Precision measures the accuracy of positive predictions made by the model, specifically the ratio of correctly predicted positive observations to the total predicted positives. It is calculated as True Positives / (True Positives + False Positives).

Accuracy measures the overall correctness of the model's predictions across all classes. It is calculated as (True Positives + True Negatives) / Total Observations.

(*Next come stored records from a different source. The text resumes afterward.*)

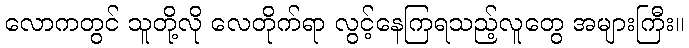
လောကတွင် သူတို့လို လေတိုက်ရာ လွင့်နေကြရသည့်လူတွေ အများကြီး။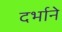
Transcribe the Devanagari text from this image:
दर्भाने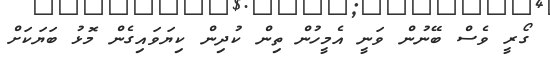
ގޯރީ ވެސް ބޭނުން ވަނީ އެމީހުން ތިން ކުދިން ކިޔަވައިގެން މޮޅު ބަޔަކަށް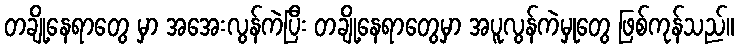
တချို့နေရာတွေ မှာ အအေးလွန်ကဲပြီး တချို့နေရာတွေမှာ အပူလွန်ကဲမှုတွေ ဖြစ်ကုန်သည်။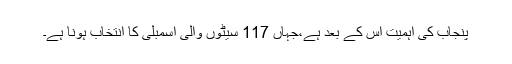
پنجاب کی اہمیت اس کے بعد ہے،جہاں 117 سیٹوں والی اسمبلی کا انتخاب ہونا ہے۔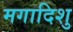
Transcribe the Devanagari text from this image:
मगादिशु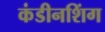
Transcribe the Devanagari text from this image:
कंडीनशिंग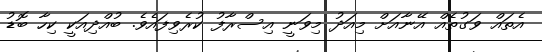
އެތައް ވަގުތެއް އޭނާއަށް މިއަދު މިވަނީ އިސްރާފު ކުރެވިފައެވެ. ބުއްދިއަކީ ކިހާ ބޮޑު

Taking into account that all 3 of our datasets are balanced, meaning that every class is evenly represented in terms of observations, accuracy will be our main metric for comparing model performance.

Models

Support Vector Machines (SVM) constitute a powerful class of supervised learning models proficient at classification and regression tasks. The fundamental principle of SVM involves identifying an optimal hyperplane that separates classes in the input space. In the case of linear SVM, this entails finding a hyperplane that maximizes the distance between the hyperplane and the nearest data points from different classes. Lineal SVM is highly effective for linearly separable datasets, providing robustness against overfitting and demonstrating efficiency in high-dimensional spaces without requiring complex computations.

Image description [image 1]

The Radial Basis Function SVM (RBF), extends the capability of SVM to handle non-linearly separable data. By employing a kernel trick, it transforms the data into a higher-dimensional space, enabling the creation of non-linear decision boundaries. Consider the figure below, at first you can’t draw a line that accurately separates the 2 classes, but if you transform those points intoa higher dimension you can find a plane that achieves 100% separation. This flexibility in modeling intricate relationships makes RBF SVM suitable for diverse datasets with non-linear patterns.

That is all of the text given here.